> _Required action_
Apart from the pictures, every entry must be retyped exactly.

================

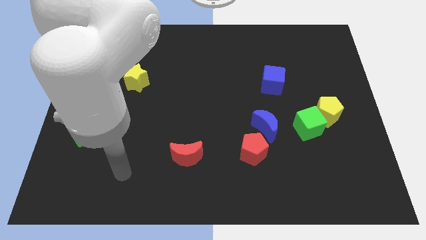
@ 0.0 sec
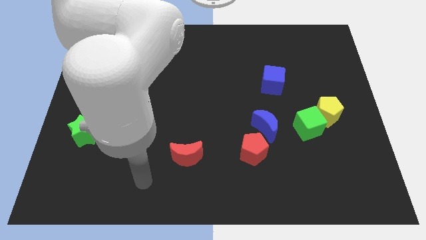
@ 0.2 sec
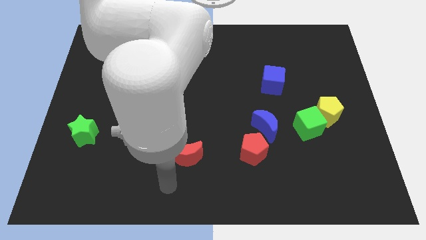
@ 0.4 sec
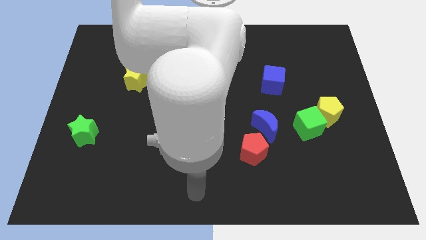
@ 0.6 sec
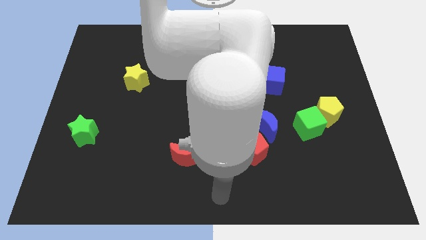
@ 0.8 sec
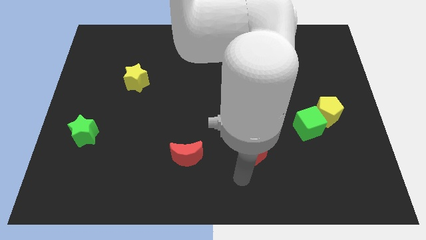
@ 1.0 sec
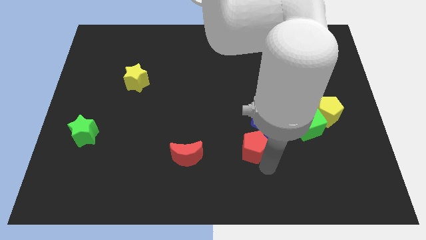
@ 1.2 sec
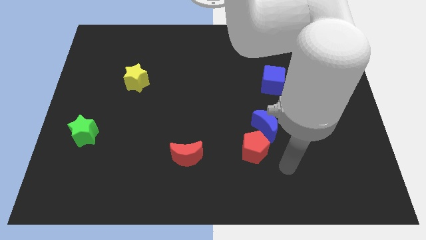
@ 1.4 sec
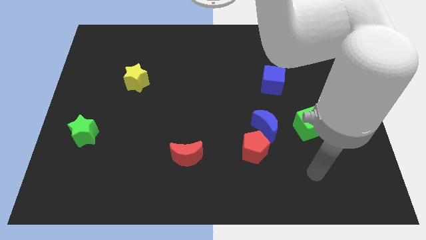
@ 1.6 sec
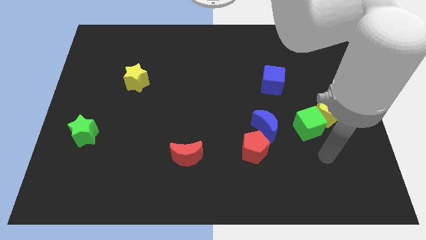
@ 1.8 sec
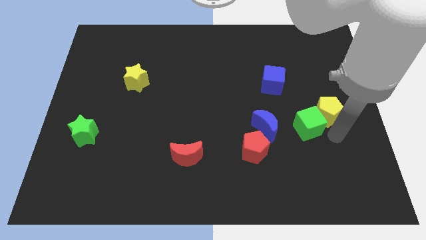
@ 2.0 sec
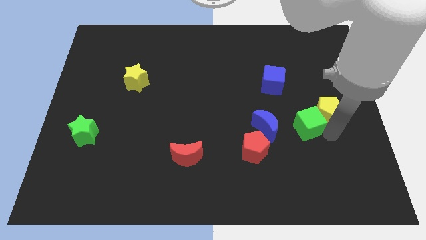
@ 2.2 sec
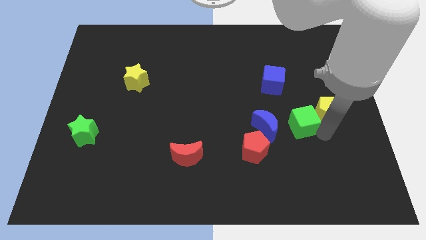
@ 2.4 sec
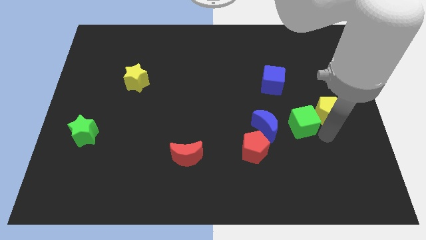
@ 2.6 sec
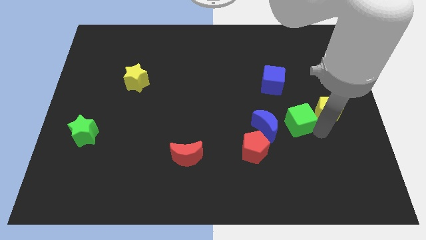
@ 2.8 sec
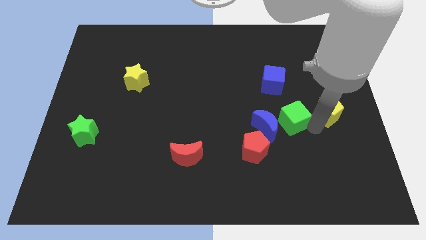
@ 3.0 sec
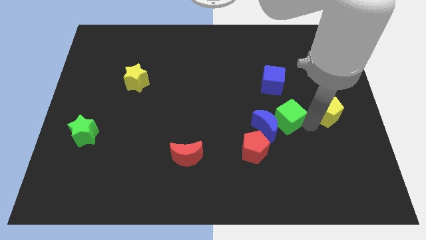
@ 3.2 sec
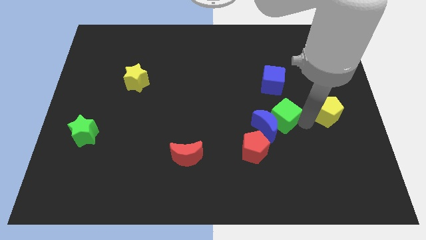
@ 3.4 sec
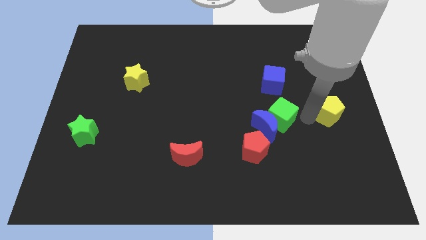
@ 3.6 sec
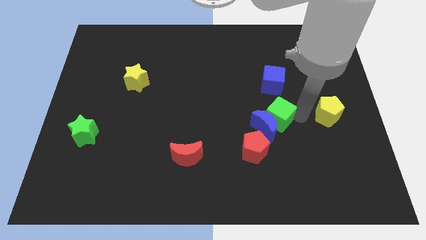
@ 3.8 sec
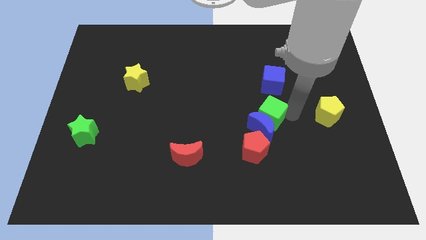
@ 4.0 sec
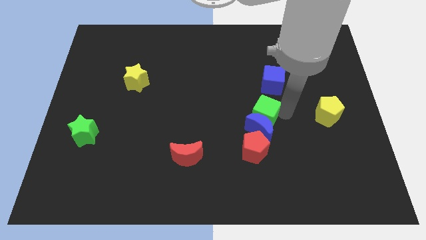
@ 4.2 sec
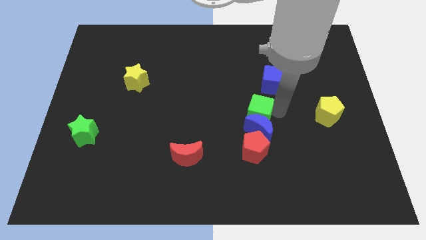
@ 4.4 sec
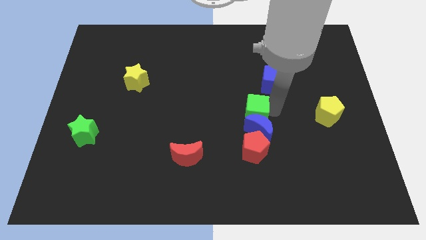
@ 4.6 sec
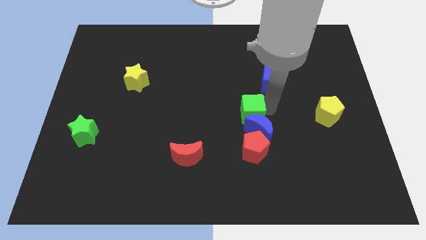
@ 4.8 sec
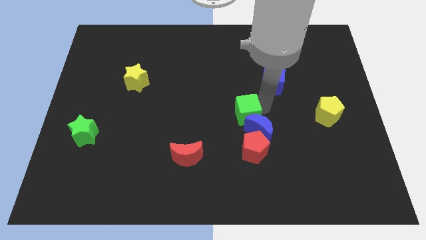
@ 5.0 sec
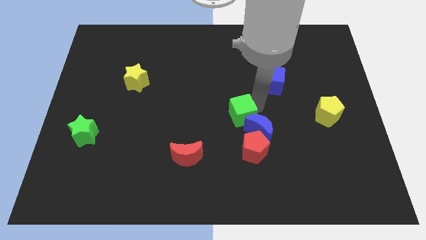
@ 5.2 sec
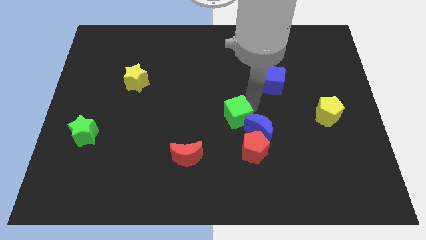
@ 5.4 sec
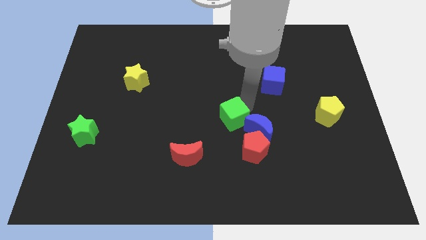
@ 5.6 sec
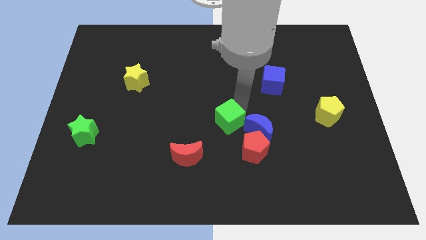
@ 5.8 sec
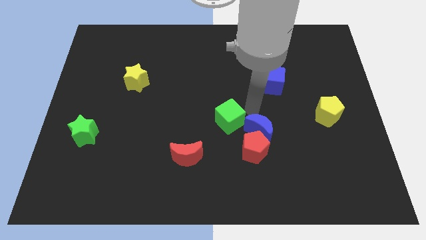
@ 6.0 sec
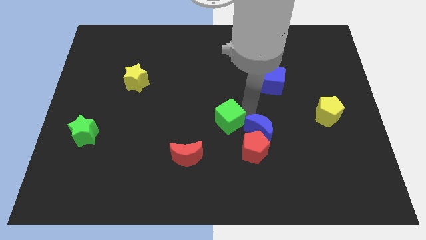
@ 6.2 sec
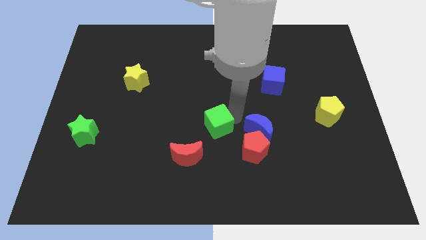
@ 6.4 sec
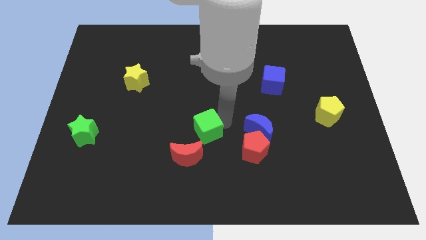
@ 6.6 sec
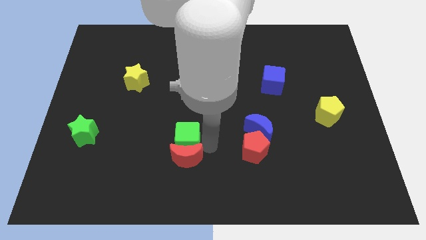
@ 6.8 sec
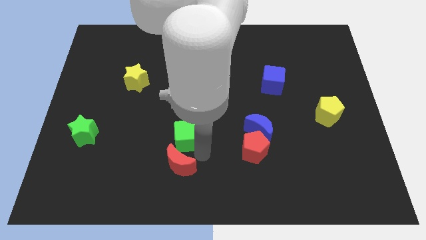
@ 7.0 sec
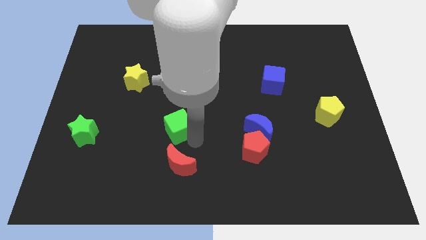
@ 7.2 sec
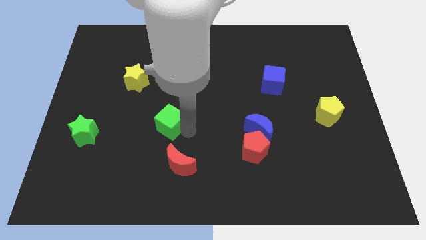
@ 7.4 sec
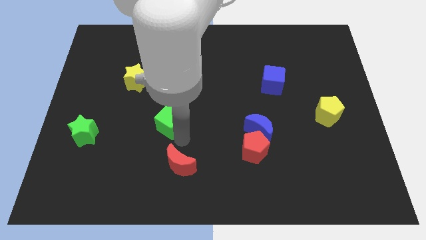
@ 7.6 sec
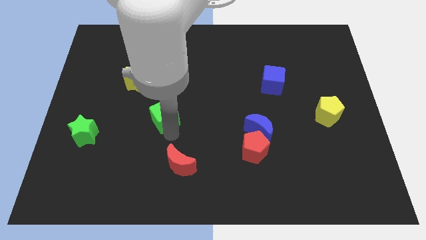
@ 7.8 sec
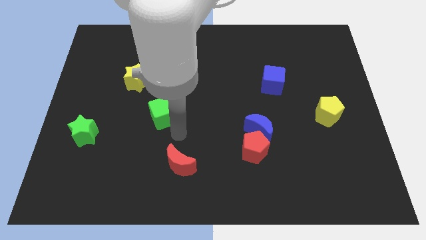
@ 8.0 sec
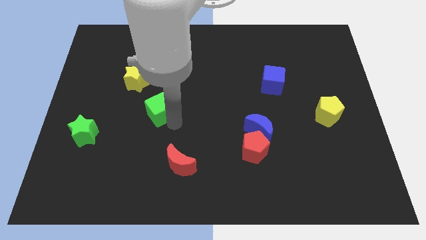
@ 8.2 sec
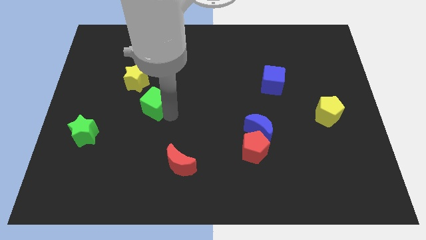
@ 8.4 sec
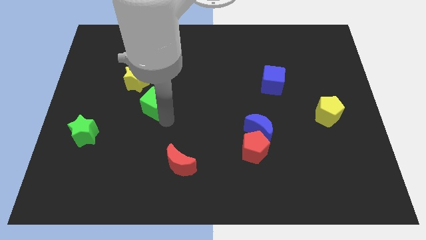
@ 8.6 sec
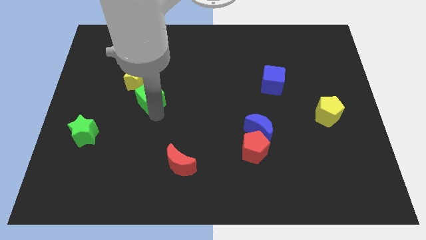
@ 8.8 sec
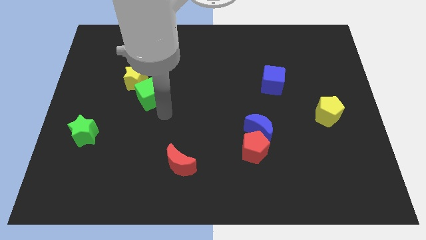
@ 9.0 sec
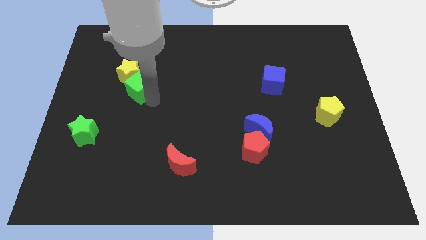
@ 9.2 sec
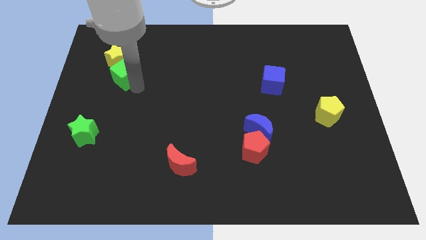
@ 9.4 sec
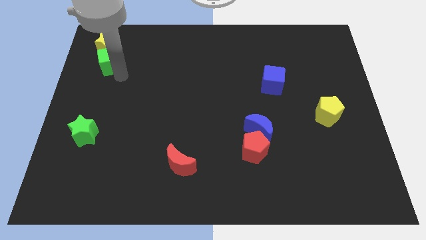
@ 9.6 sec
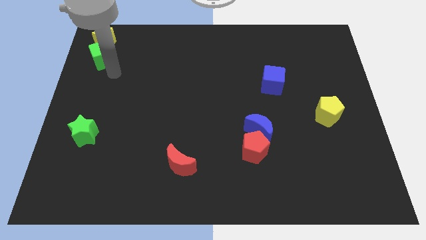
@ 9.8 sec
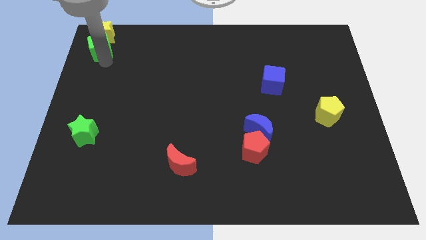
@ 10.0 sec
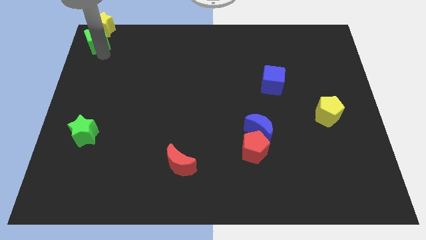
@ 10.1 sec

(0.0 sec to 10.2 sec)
slide the green cube to the top left of the board

================

> _Solution to the exercise_
@ 0.0 sec
@ 0.2 sec
@ 0.4 sec
@ 0.6 sec
@ 0.8 sec
@ 1.0 sec
@ 1.2 sec
@ 1.4 sec
@ 1.6 sec
@ 1.8 sec
@ 2.0 sec
@ 2.2 sec
@ 2.4 sec
@ 2.6 sec
@ 2.8 sec
@ 3.0 sec
@ 3.2 sec
@ 3.4 sec
@ 3.6 sec
@ 3.8 sec
@ 4.0 sec
@ 4.2 sec
@ 4.4 sec
@ 4.6 sec
@ 4.8 sec
@ 5.0 sec
@ 5.2 sec
@ 5.4 sec
@ 5.6 sec
@ 5.8 sec
@ 6.0 sec
@ 6.2 sec
@ 6.4 sec
@ 6.6 sec
@ 6.8 sec
@ 7.0 sec
@ 7.2 sec
@ 7.4 sec
@ 7.6 sec
@ 7.8 sec
@ 8.0 sec
@ 8.2 sec
@ 8.4 sec
@ 8.6 sec
@ 8.8 sec
@ 9.0 sec
@ 9.2 sec
@ 9.4 sec
@ 9.6 sec
@ 9.8 sec
@ 10.0 sec
@ 10.1 sec

(0.0 sec to 10.2 sec)
slide the green cube to the top left of the board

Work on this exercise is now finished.